Montanari: Frame design and lift safety
The frame is often an integral part of lifting systems and its correct choice is crucial for lift safety. What information is needed? What to pay attention to? What are the risks? How to choose correctly?
Let’s start with its function: to support the traction machine and the load of the whole system.
It may appear simple: a few steel beams welded and bolted together.
The choice and design of the right frame is essential for the correct support of the machine in relation to the weight and torque generated by the mechanical movement. In case of lack of attention in this step, the consequences could prove fatal.
To choose the bedplate (another name for the frame), we start with the data of the lifting system and the reference standard. At Montanari we have special editable forms that guide users to the correct compilation. The next step is the execution of tests with FEM calculation software:
• Equivalent tensile stress
• Elastic deformation
• Safety Factor
We examine these steps with a simulation that demonstrates how even changes of only a few mm can have significant effects on the final result. The simulation was used for an internal training in the technical department (Montanari Academy [1]) based on real projects.
Let us assume that the data are those in Tables 1 – 2 – 3 and the design that in Fig. 3 – 4. We test how the material will react to the assumed loads applied to the machine.
What happens in the simulation?
The system reproduces the effect of weight and torque (Fig. 5 – 6) in the following way:
– the static vertical load is applied to the slow shaft;
– torque is applied to the traction sheave that lifts the counterweight (CWT).
It is then verified whether the model is able to withstand the given load using FEM tests.
TEST: EQUIVALENT TENSILE STRESS
Stress method: Von Mises [2]. Due to the acceleration and inertia of the system, the load and torque applied to the machine are multiplied by a factor of 2.
According to good practice, the maximum permissible stress on this hypothetical frame is 1/3 of the yield stress.
Simulating this situation on the frame structure, we obtain the result in Fig. 7.
What can be deduced?
There are different coloured areas. The red ones are not permissible. The frame may appear to be solid, but the simulation informs us that it does not conform to the system features. Without the test, this won’t be detected.
TEST: ELASTIC DEFORMATION
According to good practice, the maximum permissible deformation on the frame structure must be 1/1500 of the maximum length: 960 mm/1500 = 0.64 mm (960 is the length of the beam). The red coloured area on the representation is not permissible: the total deformation is up to 1.8mm (Fig. 8 / 9).
TEST: SAFETY FACTOR
The minimum safety factor is 3: there are areas where this factor is not met. A force exceeding the yield stress applied to a structure can lead to permanent deformation (Fig. 10).
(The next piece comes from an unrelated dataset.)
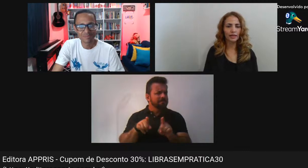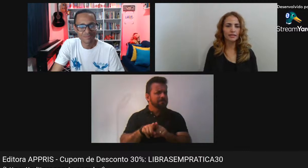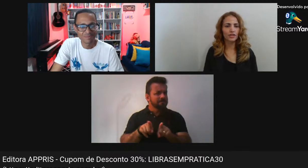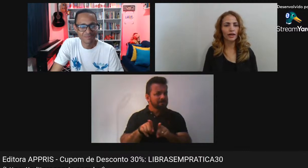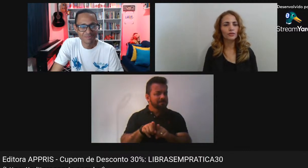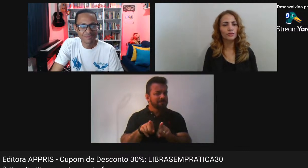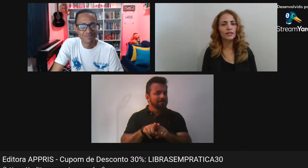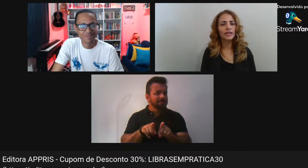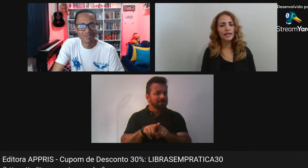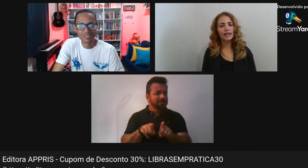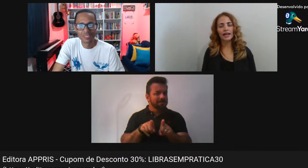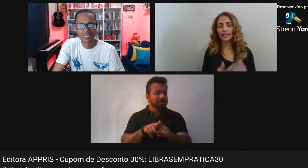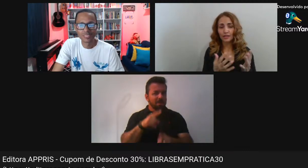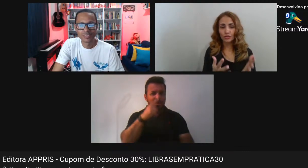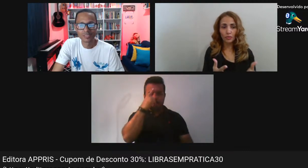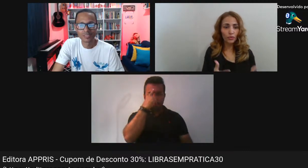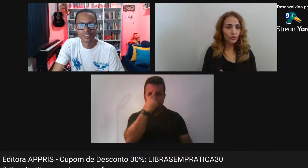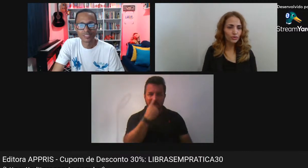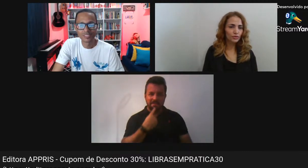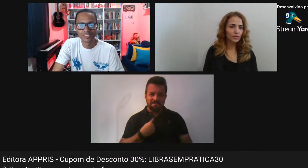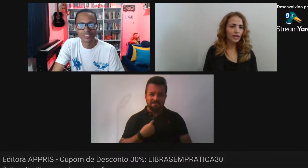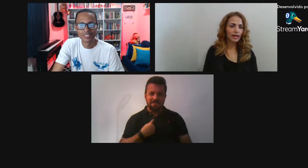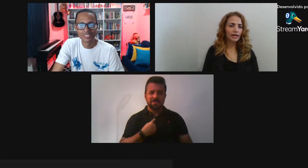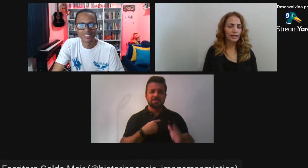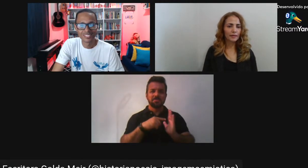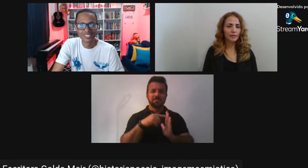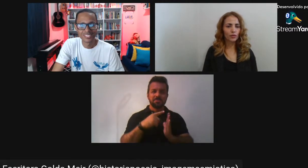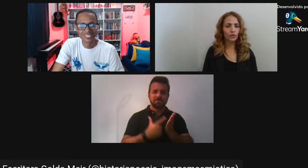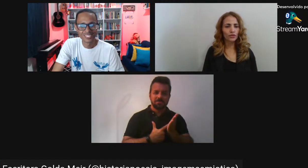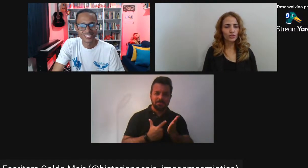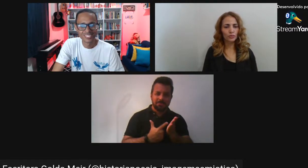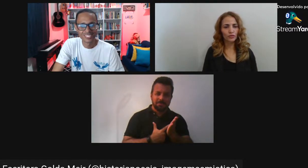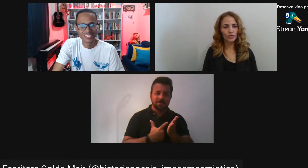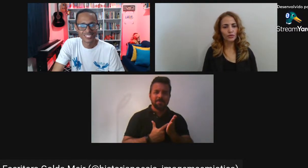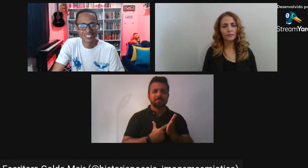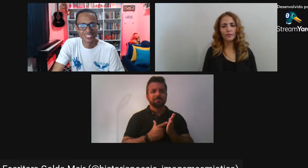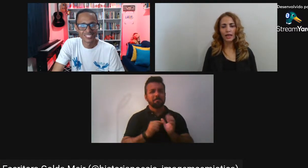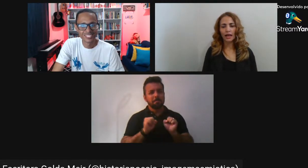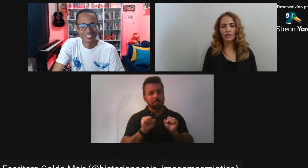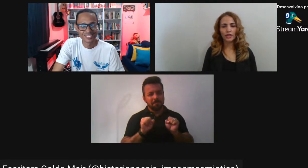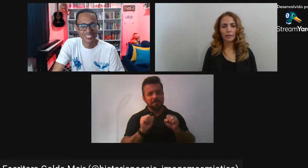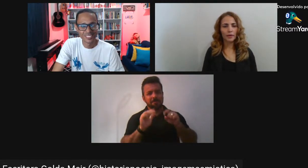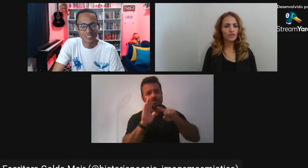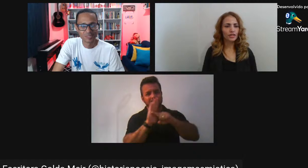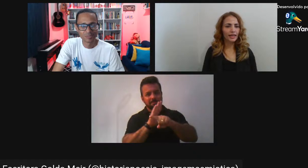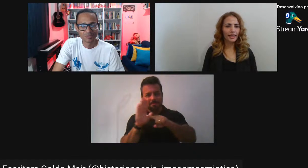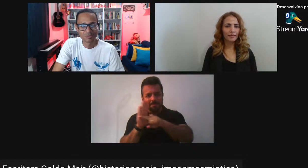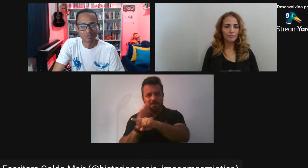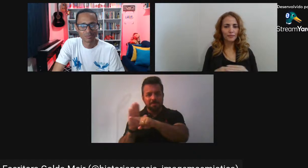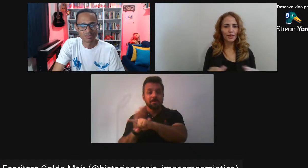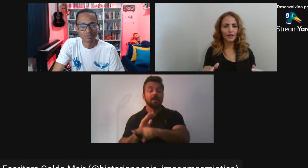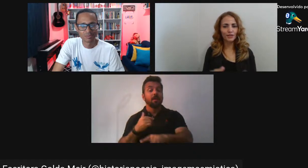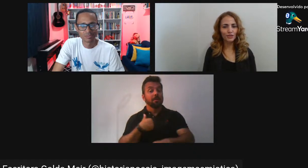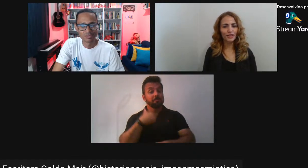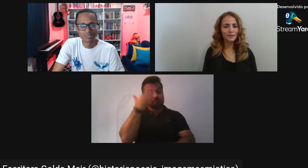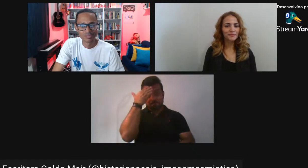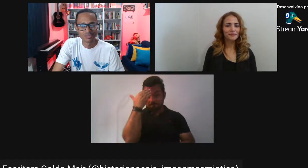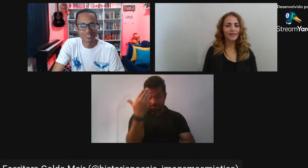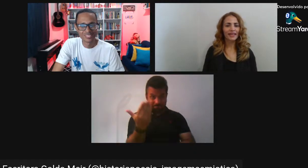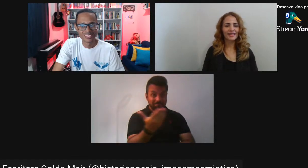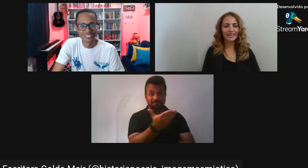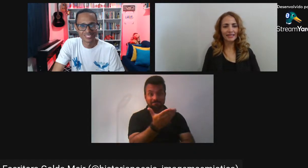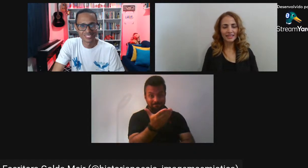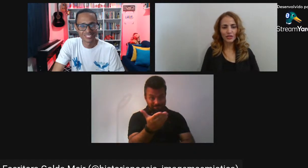aberta A esse diálogo Agradeço muito O convite do professor Acho que a página É brilhante

What would happen in the real situation?
Permanent deformation of the frame due to incorrect design can lead to the failure of the entire frame, which is no longer able to support all the load.
A further consequence could be that the machine would come off its seat with high risks for the whole system.
Taking into account the system features and the traction machine, what would be a suitable solution?
Based on the calculations, we slightly vary the height of the frame beam: compared to Table 2, the value increases from 125 to 175 mm. The effect of weight and force can be seen in Fig. 11 – 12.
Maximum permissible deformation on the frame: 1/1500 of the maximum length, according to good practice: 960mm/1500 = 0.64mm. The total deformation on the frame is 0.2 mm, so it is suitable for installation according to safety parameters.
Conclusions
An undersized frame can compromise the safety of the entire lift due to the high risk of breakage. It is advisable to always involve the machine manufacturer to verify the design and confirm the safety factor (even when the frame is not purchased from the machine supplier).
A preliminary study is always carried out at Montanari. In fact, sometimes the chosen frame may even be overestimated compared to system needs, and this entails a higher cost, considering the high price of raw materials.
NOTES
[1] Montanari Academy was inaugurated in 2017 at Asansor – Istanbul. Since then, all courses organised for customers and employees, in all Montanari branches, are delivered under the name Academy to better identify the value of this important service.ù
[2] Richard von Mises: was an Austrian naturalised US mathematician, engineer and academic. In solid mechanics, he developed the notion of the distortion energy associated with each tensional state, which is one of the most important concepts used in engineering when calculating the tensile stress of materials. He also made important contributions to plasticity theory by formulating what became known as the von Mises Criterion.